April 29, 2024 at 3:19 pm
That is correct Phil, Yes, I change my mind about customer being in more than one group. based on it can you please help. Thank you
April 29, 2024 at 3:29 pm
OK, then ordering of the tests becomes important. Please specify the order in which the tests should be applied.
The absence of evidence is not evidence of absence
- Martin Rees
The absence of consumable DDL, sample data and desired results is, however, evidence of the absence of my response
- Phil Parkin
April 29, 2024 at 3:48 pm
Ok great. please with email first then phone nos second then addr&city (combined) last
please let me know if you need any more info. Thank you
April 29, 2024 at 3:52 pm
I mean in addr & city the combination has to match.
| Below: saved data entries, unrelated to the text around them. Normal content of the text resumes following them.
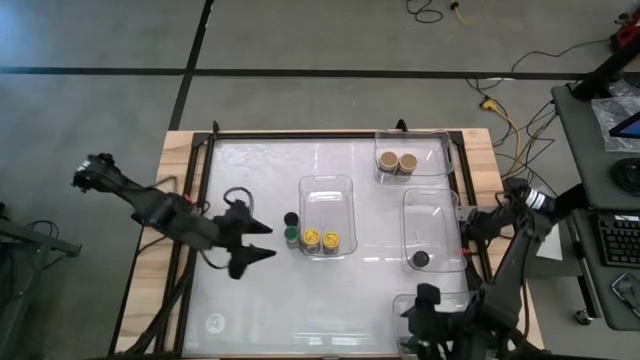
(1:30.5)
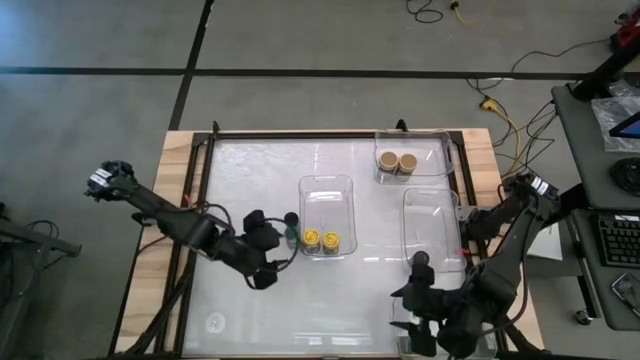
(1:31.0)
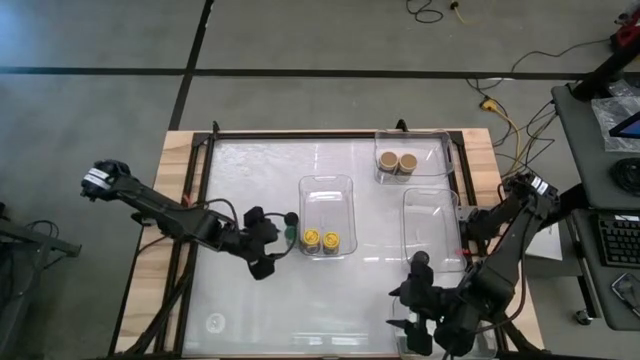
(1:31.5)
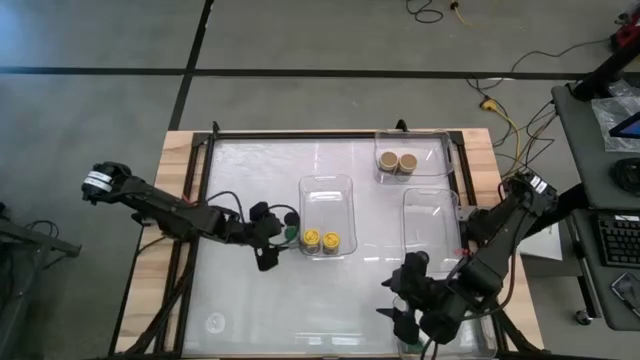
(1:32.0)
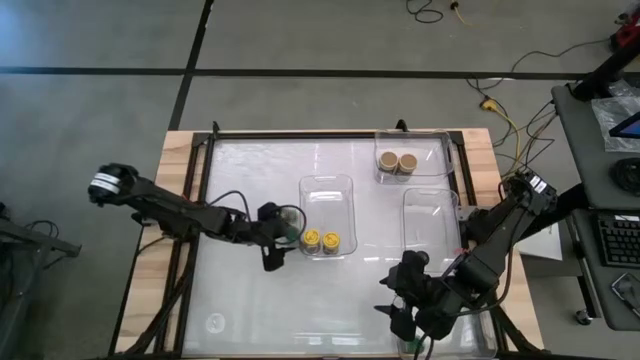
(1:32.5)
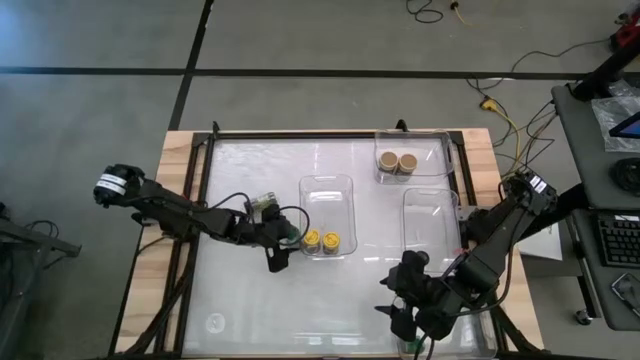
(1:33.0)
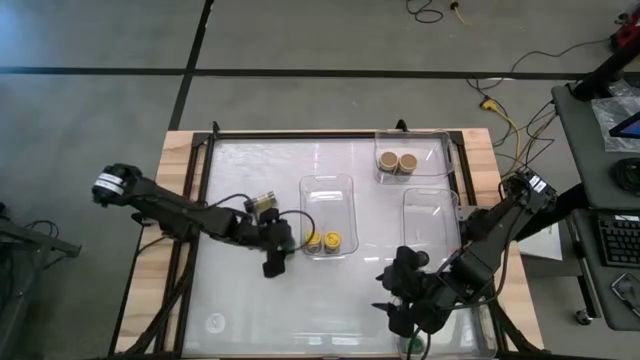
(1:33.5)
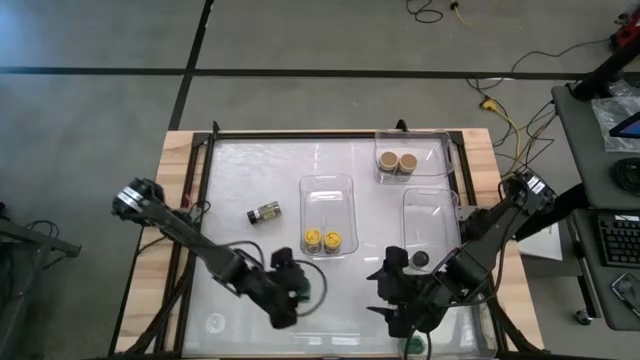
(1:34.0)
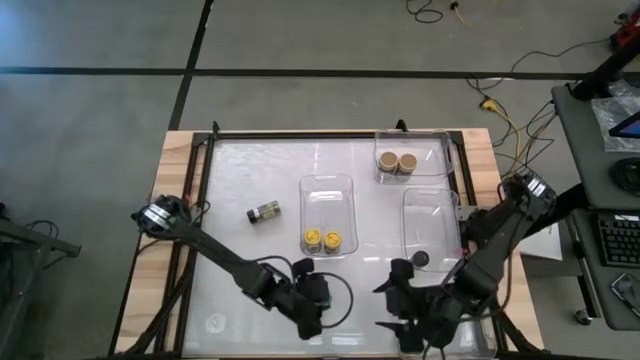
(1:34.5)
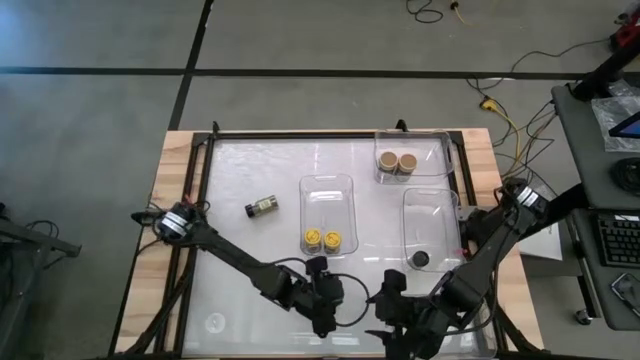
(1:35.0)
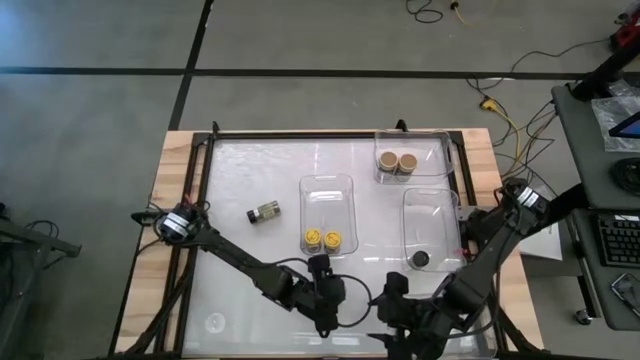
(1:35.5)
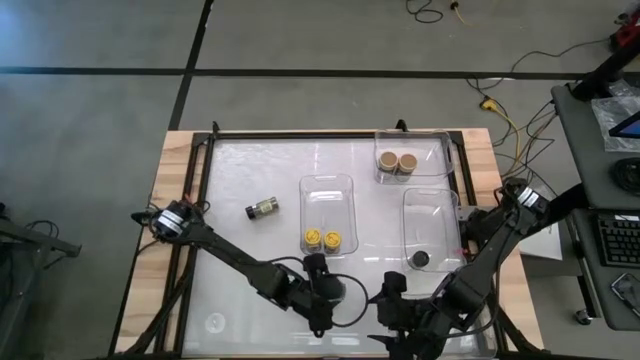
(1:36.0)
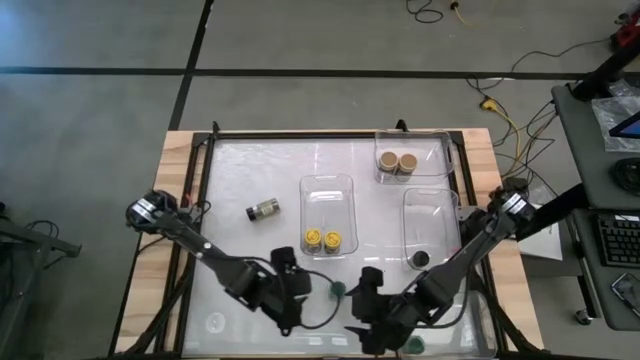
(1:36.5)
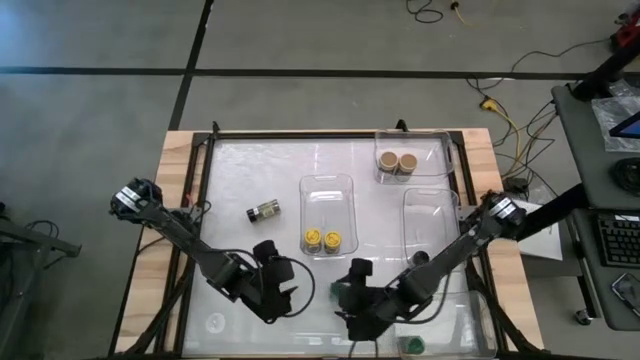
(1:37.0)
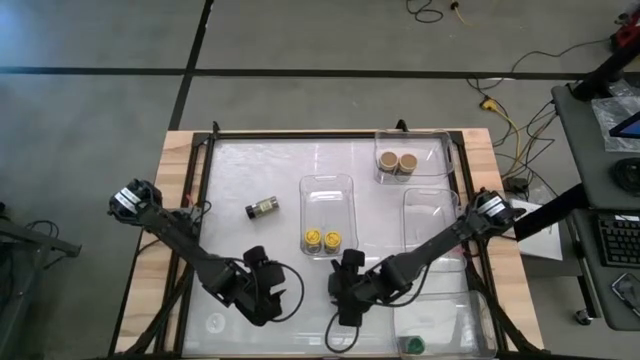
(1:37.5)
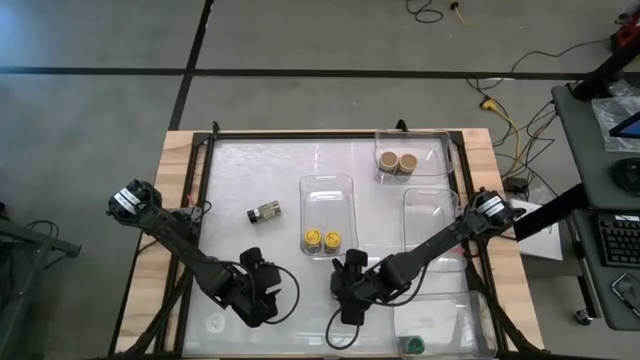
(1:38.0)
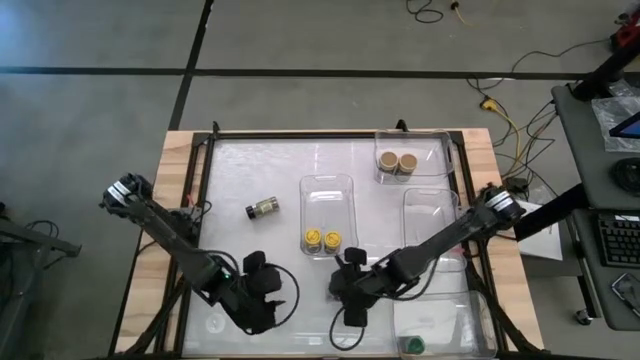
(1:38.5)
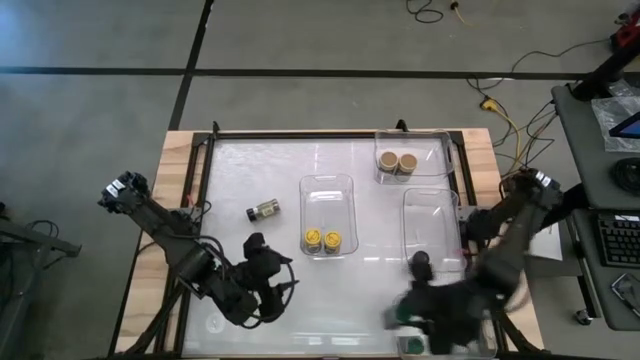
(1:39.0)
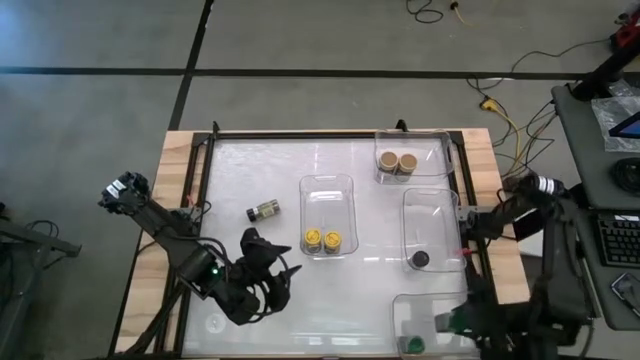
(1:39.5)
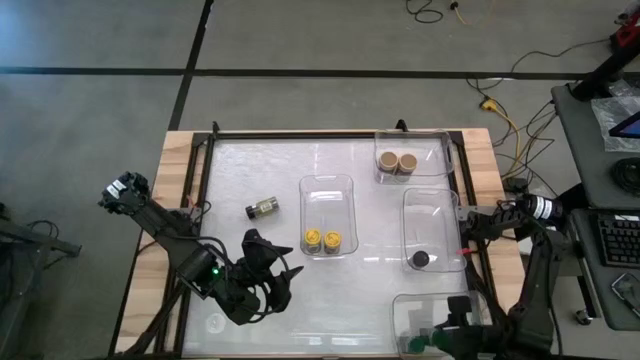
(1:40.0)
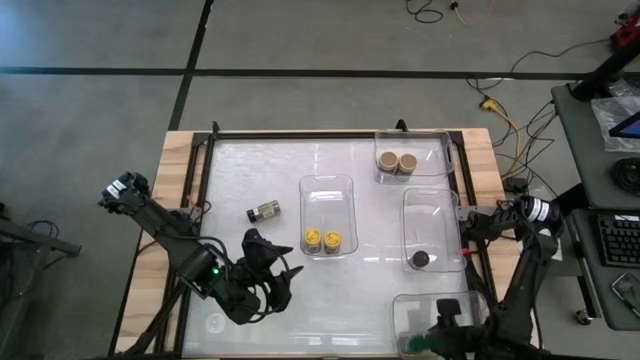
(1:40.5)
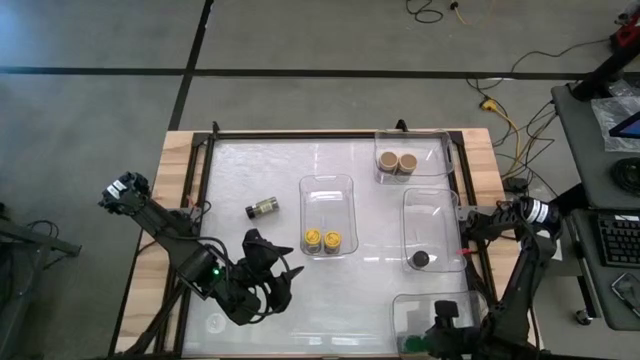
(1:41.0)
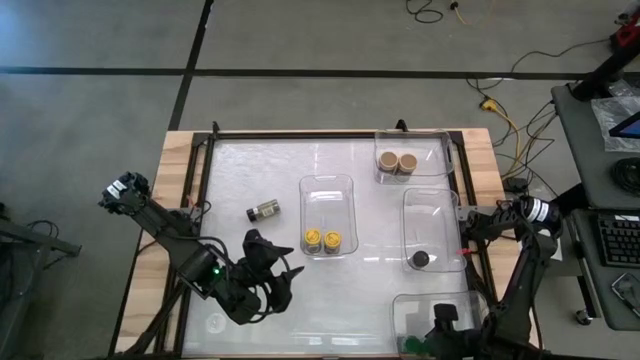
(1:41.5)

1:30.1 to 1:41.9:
Task: Sort spices by type
Put the green seasoning bottle into the bottom transparent bin

also please not all columns values are nullable so some times there is missed values in fields
Thank you Phil.
April 29, 2024 at 4:25 pm
I've done the emails, the phone numbers and unmatched in the code that follows. You can add the rest yourself.
--Rule 1 - E-mail match
WITH AllEmails
AS (SELECT c.Custno
,Email = c.email1
FROM #Customers1 c
UNION --Use instead of UNION ALL to make the results distinct
SELECT c.Custno
,Email = c.email2
FROM #Customers1 c)
,matches
AS (SELECT a.Email
,ct = COUNT (*)
FROM AllEmails a
GROUP BY a.Email
HAVING COUNT (*) > 1)
INSERT #Grouped
(
GroupId
,CustomerId
)
SELECT GroupId = 1
,c.Custno
FROM #Customers1 c
CROSS JOIN matches m
WHERE c.email1 = m.Email
OR c.email2 = m.Email;
--Rule 2 - any phone number matches
WITH AllPhones
AS (SELECT c.Custno
,Phone = c.Res_Phone
FROM #Customers1 c
UNION --Use instead of UNION ALL to make the results distinct
SELECT c.Custno
,Phone = c.Bus_Phone
FROM #Customers1 c
UNION
SELECT c.Custno
,Phone = c.Fax_Phone
FROM #Customers1 c
UNION
SELECT c.Custno
,Phone = c.Marine_Phone
FROM #Customers1 c
UNION
SELECT c.Custno
,Phone = c.Pager_Phone
FROM #Customers1 c
UNION
SELECT c.Custno
,Phone = c.Other_Phone
FROM #Customers1 c)
,matches
AS (SELECT a.Phone
,ct = COUNT (*)
FROM AllPhones a
GROUP BY a.Phone
HAVING COUNT (*) > 1)
INSERT #Grouped
(
GroupId
,CustomerId
)
SELECT GroupId = 2
,c.Custno
FROM #Customers1 c
CROSS JOIN matches m
WHERE(
c.Res_Phone = m.Phone
OR c.Bus_Phone = m.Phone
OR c.Fax_Phone = m.Phone
OR c.Marine_Phone = m.Phone
OR c.Pager_Phone = m.Phone
OR c.Other_Phone = m.Phone
)
AND NOT EXISTS
(
SELECT 1 FROM #Grouped g WHERE g.CustomerId = c.Custno
);
--Add other validation rules here
--And finally, assign group numbers to any customers who did not match any of the rules
INSERT #Grouped
(
GroupId
,CustomerId
)
--Edit the 10 in the following line to assign unused GroupIds
SELECT GroupId = 10 + ROW_NUMBER () OVER (ORDER BY c.Custno)
,CustomerId = c.Custno
FROM #Customers1 c
WHERE NOT EXISTS
(
SELECT 1 FROM #Grouped g WHERE g.CustomerId = c.Custno
);
SELECT *
FROM #Grouped g;
The absence of evidence is not evidence of absence
- Martin Rees
The absence of consumable DDL, sample data and desired results is, however, evidence of the absence of my response
- Phil Parkin
April 29, 2024 at 5:29 pm
Thank you Phil. You the best one quick Q for you, I have data about 1 mill plus so in this case any ideas how to reduce effect of it on processing? please
Thank you again
sita
April 29, 2024 at 5:31 pm
Actually let me rephrase the question is there any way can I do with temp tables by splitting it each set I think union taking to much for my process for more than an hour and I am cancelling it 🙁 it would be good if I can break it up insert / update each step ? can you please split it if possible. Thank you very much Phil
April 30, 2024 at 4:34 am
Dear Phil Morning,
Here I split the code loaded in temp tables but here in output I see groupid getting 1 for all customers.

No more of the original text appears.